Krypton’s scientific advancements stagger the imagination. A once star faring race that bent entire planets to their will, the Kryptonians retreated to their home world, fashioning an unnatural society where people are bred instead of born. Each Kryptonian is designed from the ground up to serve a specific purpose within the larger society. No one gets to choose what they’ll be when they grow up because they know what their future holds from the second they’re removed from the incubator (imagine a world with no high school guidance counsellors). Krypton’s leading scientific genius Jor-El (Russell Crowe), and his wife have conceived a child the old-fashioned way, and Kal-El is the first Kryptonian born from a woman’s womb in centuries. Krypton is dying, a victim of an insatiable hunger for energy, and Jor-El sees the birth of his son as Krypton’s best chance for survival. Amid a military coup led by krypton’s top military officer, a genocidal General Zod (played magnificently by Michael Shannon), Jor-El sends his son to Earth, dying at Zod’s hands in the process. Zod and his co-conspirators are exiled to the phantom zone for their crimes, but Krypton meets its end soon after, its destruction freeing Zod and his band from their celestial prison. The surviving Kryptonians spend the next three decades salvaging what is left of their empire, it’s ruins scattered among the stars. Eventually they discover Jor-El’s refugee son, hiding on Earth, a planet that could serve as a new Krypton to be built by the obsessively driven Zod.
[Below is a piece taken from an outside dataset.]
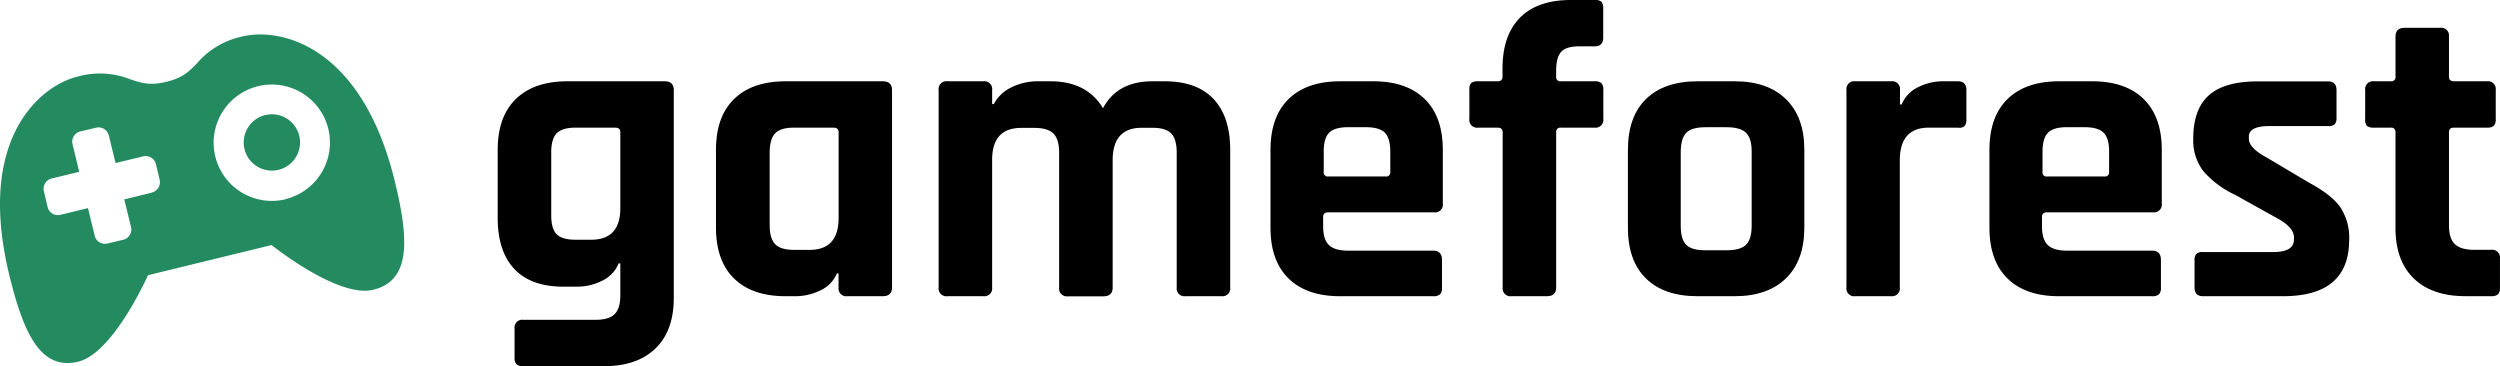 <?xml version="1.0" encoding="UTF-8"?> <svg xmlns="http://www.w3.org/2000/svg" viewBox="0 0 668.28 97.88"><g transform="translate(-326.72 -320.37)"><path d="m481.05 397h-3.71q-8.68 0-13.13-4.73t-4.45-13.63v-18.18q0-8.9 4.85-13.62t13.74-4.74h26c1.65 0 2.48.79 2.48 2.37v55.53q0 8.79-4.9 13.52t-13.69 4.73h-21.61a2.57 2.57 0 0 1 -1.85-.51 2.42 2.42 0 0 1 -.51-1.75v-7.77a2.08 2.08 0 0 1 2.36-2.36h19.27q3.6 0 5.12-1.52t1.52-5v-8.56h-.45a8.78 8.78 0 0 1 -4.39 4.62 14.72 14.72 0 0 1 -6.65 1.6zm11.49-21v-20.27c0-.82-.45-1.24-1.35-1.24h-10.59q-3.6 0-5.07 1.52t-1.46 5.13v16.78q0 3.61 1.46 5.07c1 1 2.67 1.46 5.07 1.46h4.17q7.77 0 7.77-8.45z"></path><path d="m539.4 399.55h-2.71q-8.9 0-13.74-4.73t-4.84-13.63v-20.73q0-8.9 4.84-13.62t13.74-4.74h26c1.65 0 2.48.79 2.48 2.37v52.71c0 1.58-.83 2.37-2.48 2.37h-9.46a2.09 2.09 0 0 1 -2.36-2.37v-3.71h-.45a8.62 8.62 0 0 1 -4.42 4.53 15.16 15.16 0 0 1 -6.6 1.55zm11.49-20.95v-22.87c0-.82-.45-1.24-1.36-1.24h-10.53q-3.62 0-5.07 1.52t-1.47 5.13v19.37c0 2.41.49 4.11 1.47 5.13s2.66 1.52 5.07 1.52h4.16q7.74 0 7.73-8.56z"></path><path d="m589.52 399.55h-9.52a2.09 2.09 0 0 1 -2.37-2.37v-52.71a2.09 2.09 0 0 1 2.37-2.37h9.57a2.09 2.09 0 0 1 2.36 2.37v3.72h.45a10.22 10.22 0 0 1 4.57-4.4 15.67 15.67 0 0 1 7.37-1.69h3.16q9.8 0 14.08 7.21 3.82-7.2 13.18-7.21h3.26q8.67 0 13.12 4.74t4.45 13.62v36.72a2.09 2.09 0 0 1 -2.36 2.37h-9.58a2.09 2.09 0 0 1 -2.36-2.37v-36q0-3.6-1.47-5.13t-5.06-1.52h-2.82q-7.77 0-7.77 8.68v34c0 1.58-.83 2.37-2.48 2.37h-9.46a2.09 2.09 0 0 1 -2.37-2.37v-36c0-2.4-.5-4.11-1.52-5.13s-2.72-1.52-5.12-1.52h-3.49q-7.78 0-7.78 8.56v34.13a2.09 2.09 0 0 1 -2.41 2.3z"></path><path d="m709.81 399.55h-24.89q-8.89 0-13.74-4.73t-4.84-13.63v-20.73q0-8.9 4.84-13.62t13.74-4.74h8.9q8.89 0 13.74 4.74t4.84 13.62v14.31a2.08 2.08 0 0 1 -2.36 2.36h-28.27c-.9 0-1.36.42-1.36 1.24v2.48q0 3.5 1.52 5c1 1 2.73 1.52 5.13 1.52h22.75c1.58 0 2.37.83 2.37 2.48v7.44a2.41 2.41 0 0 1 -.51 1.74 2.62 2.62 0 0 1 -1.86.52zm-28-32h15.31a1.09 1.09 0 0 0 1.24-1.24v-5.41q0-3.6-1.46-5.06t-5.07-1.47h-4.73q-3.6 0-5.07 1.47t-1.46 5.06v5.41a1.09 1.09 0 0 0 1.2 1.25z"></path><path d="m743.94 342.1h9a2.62 2.62 0 0 1 1.86.51 2.42 2.42 0 0 1 .51 1.75v7.77a2.09 2.09 0 0 1 -2.37 2.36h-9a1.1 1.1 0 0 0 -1.24 1.24v41.45c0 1.58-.83 2.37-2.48 2.37h-9.46a2.09 2.09 0 0 1 -2.36-2.37v-41.45c0-.82-.45-1.24-1.36-1.24h-5.18a2.08 2.08 0 0 1 -2.36-2.36v-7.77a2.43 2.43 0 0 1 .5-1.8 2.86 2.86 0 0 1 1.86-.46h5.14c.91 0 1.36-.41 1.36-1.23v-2.14q0-8.91 4.67-13.63t13.57-4.73h6.42a2.43 2.43 0 0 1 1.81.5 2.71 2.71 0 0 1 .45 1.75v7.77c0 1.58-.76 2.37-2.26 2.37h-4.12c-2.41 0-4 .5-4.9 1.52s-1.3 2.72-1.3 5.12v1.47a1.09 1.09 0 0 0 1.24 1.23z"></path><path d="m790.46 399.55h-10q-8.89 0-13.74-4.73t-4.84-13.63v-20.73q0-8.9 4.84-13.62t13.74-4.74h10q8.77 0 13.68 4.79t4.9 13.57v20.73q0 8.79-4.9 13.57t-13.68 4.79zm-7.89-12.28h5.75q3.6 0 5.12-1.46c1-1 1.52-2.67 1.52-5.07v-19.83c0-2.4-.5-4.09-1.52-5.06s-2.72-1.47-5.12-1.47h-5.75q-3.6 0-5.07 1.47t-1.5 5.06v19.83q0 3.6 1.46 5.07t5.11 1.46z"></path><path d="m832.24 399.55h-9.57a2.09 2.09 0 0 1 -2.37-2.37v-52.71a2.09 2.09 0 0 1 2.37-2.37h9.57a2.09 2.09 0 0 1 2.37 2.37v3.83h.45a8.78 8.78 0 0 1 4.39-4.62 14.69 14.69 0 0 1 6.65-1.58h4c1.5 0 2.26.79 2.26 2.37v7.77a2.62 2.62 0 0 1 -.51 1.86 2.12 2.12 0 0 1 -1.75.39h-7.77q-7.77 0-7.77 8.79v33.9a2.09 2.09 0 0 1 -2.32 2.37z"></path><path d="m902 399.55h-24.9q-8.9 0-13.74-4.73t-4.84-13.63v-20.73q0-8.9 4.84-13.62t13.74-4.74h8.9q8.89 0 13.74 4.74t4.85 13.62v14.31a2.09 2.09 0 0 1 -2.37 2.36h-28.3c-.9 0-1.35.42-1.35 1.24v2.48c0 2.33.5 4 1.52 5s2.72 1.52 5.12 1.52h22.79c1.57 0 2.36.83 2.36 2.48v7.44a2.41 2.41 0 0 1 -.51 1.74 2.57 2.57 0 0 1 -1.85.52zm-28.05-32h15.32a1.1 1.1 0 0 0 1.24-1.24v-5.41q0-3.6-1.47-5.06t-5.07-1.47h-4.73q-3.6 0-5.06 1.47t-1.47 5.06v5.41a1.09 1.09 0 0 0 1.21 1.25z"></path><path d="m937 399.55h-21.4q-2.25 0-2.25-2.37v-7.18a2.63 2.63 0 0 1 .45-1.74 2.39 2.39 0 0 1 1.8-.51h18.8c3.68 0 5.52-1.12 5.52-3.38v-.56q0-2.7-4.62-5.18l-11.15-6.2a25.43 25.43 0 0 1 -8.44-6.3 13.44 13.44 0 0 1 -2.71-8.68q0-7.87 4.17-11.6t13.07-3.72h18.81q2.25 0 2.25 2.37v7.32a2.65 2.65 0 0 1 -.45 1.75 2.43 2.43 0 0 1 -1.8.5h-15.66q-5.52 0-5.52 2.82v.56c0 1.66 1.61 3.34 4.84 5.07l11.38 6.76c3.9 2.1 6.65 4.26 8.22 6.48a14.68 14.68 0 0 1 2.37 8.72q0 15.07-17.68 15.07z"></path><path d="m965.83 354.49h-4.51a2.87 2.87 0 0 1 -1.86-.45 2.43 2.43 0 0 1 -.5-1.8v-7.77a2.09 2.09 0 0 1 2.36-2.37h4.51a1.09 1.09 0 0 0 1.24-1.23v-10.7c0-1.58.82-2.37 2.47-2.37h9.46a2.09 2.09 0 0 1 2.36 2.37v10.7q0 1.23 1.35 1.23h8.79a2.09 2.09 0 0 1 2.36 2.37v7.77a2.47 2.47 0 0 1 -.5 1.75 2.67 2.67 0 0 1 -1.86.5h-8.79c-.9 0-1.35.42-1.35 1.24v24.9q0 3.48 1.58 5t5.18 1.52h4.51a2.09 2.09 0 0 1 2.36 2.36v7.78a2.41 2.41 0 0 1 -.51 1.74 2.57 2.57 0 0 1 -1.85.51h-6.88q-8.89 0-13.79-4.73t-4.9-13.52v-25.56a1.1 1.1 0 0 0 -1.23-1.24z"></path><g fill="#248b60"><path d="m399.38 350.92a7.37 7.37 0 0 0 -1.79.22 7.53 7.53 0 1 0 1.79-.22z"></path><path d="m432.27 368.87c-8.85-36.35-30.56-41.23-40.8-38.74a21.83 21.83 0 0 0 -12.05 7.11c-2.11 2.19-3.77 3.92-8.21 5s-6.74.31-9.66-.67a22 22 0 0 0 -13.91-.77c-6.81 1.66-13.08 7.09-16.76 14.52-4.92 9.95-5.48 22.94-1.66 38.64 3.42 14 7.47 23.45 15.52 23.45a12.14 12.14 0 0 0 2.9-.37c8.13-2 16.05-17.53 18.66-23.11l33-8.05c4.88 3.77 19.06 13.93 27.19 11.95 10.06-2.44 9.58-13.34 5.78-28.96zm-64.95 3-7.38 1.8 1.8 7.38a2.82 2.82 0 0 1 -2.07 3.41l-4.23 1a2.82 2.82 0 0 1 -3.41-2.08l-1.79-7.38-7.38 1.8a2.82 2.82 0 0 1 -3.41-2.07l-1-4.23a2.82 2.82 0 0 1 2.07-3.41l7.38-1.79-1.79-7.38a2.82 2.82 0 0 1 2.07-3.41l4.22-1a2.82 2.82 0 0 1 3.41 2.07l1.8 7.38 7.38-1.79a2.82 2.82 0 0 1 3.41 2.07l1 4.22a2.82 2.82 0 0 1 -2.08 3.37zm35.74 1.76a15.55 15.55 0 1 1 11.43-18.79 15.57 15.57 0 0 1 -11.43 18.75z"></path></g></g></svg>

And they aren’t keen on sharing their new world with humans.
Man of Steel succeeds in every way that Superman Returns failed in 2006. Don’t get me wrong, I think that Kevin Spacey, Brandon Routh and Kate Bosworth did adequate jobs in their respective roles, they just weren’t given much to work with. And while Returns possessed some interesting ideas (like Lois and Superman’s love child) and using John Williams original score was a stroke of genius, everything else failed on an epic scope. Large chunks of the script were taken directly from the original Superman, the plot had enormous holes in it and the film makers seemed to think that I was willing to slap down ten plus bucks to see Lex Luthor reduced to a gold digging, evil real estate agent and the climactic fight had Superman in one corner and a tidal wave in the other (Superman vs the tsunami probably didn’t help the film’s under-achieving gross).
Man of Steel doesn’t suffer from any of those problems. Henry Cavill is a perfect choice to play the titular character; he has the look, the acting chops and he worked hard to acquire the necessary physique. Amy Adams portrays a fiercely independent and ballsy Lois Lane and Micheal Shannon’s convincingly ruthless Zod will earn him villain of the year honours. Even the supporting cast does an excellent job, whether it be Kevin Costner and Diane Lane playing Johnathan and Martha Kent, the Kansas couple who discover and adopt the star lost child as their own, instilling in him the values that will guide him as he becomes the world’s greatest hero; or Lawrence Fishburne, playing a cranky but loveable Perry White, publisher of the Daily Planet. The visual effects are outstanding and should receive more than a few Oscar nods come February, although there were a few that looked as though I could have been watching a cut scene from a PS3 game. To say the action scenes are ambitious. is a gross understatement Remember, these are scenes involving characters that can bench press continents and move at the speed of sound. If you aren’t a fan of fast-moving visuals or loud noises, do not see this in IMAX. Entire city blocks are demolished during some of the fight scenes (a few of the fight scenes do seem to drag a bit).
The story has enough human warmth and tenderness to compliment the eyeball busting effects and the massive action sequences. Superman’s back story is relayed through a number of flashbacks, taking place in Smallville, Kansas, a town surrounded by wheat fields and where the coolest place to hang out is the local Ihop. It’s like a rustic Norman Rockwell painting of the modern midwest, complete with a Sears outlet. Man of Steel‘s carefully paced storytelling actually seems to have more of Christopher Nolan’s fingerprints on them than director Zack Snyder’s, which might be why Warner Brothers tagged him to produce. There’s also some easter eggs for the die-hard Superman fans and a little setup for the inevitable sequels (Warner Brothers had already green lit a sequel before Man of Steel opened).
Man of Steel isn’t perfect, but it may likely be the best super hero movie out this summer (I’m going into July’s The Wolverine with low expectations). Could it have been better? Probably, but it could have been a lot, lot worse and as far as popcorn flicks go, I enjoyed Man of Steel as much as I did last summer’s The Avengers. Now, if the powers that be take the same approach to their anticipated Justice League movie scheduled for 2015, it could well launch a whole series of successful film franchises for Warner Bros and DC. Let’s hope Man of Steel‘s box office is enough to convince them.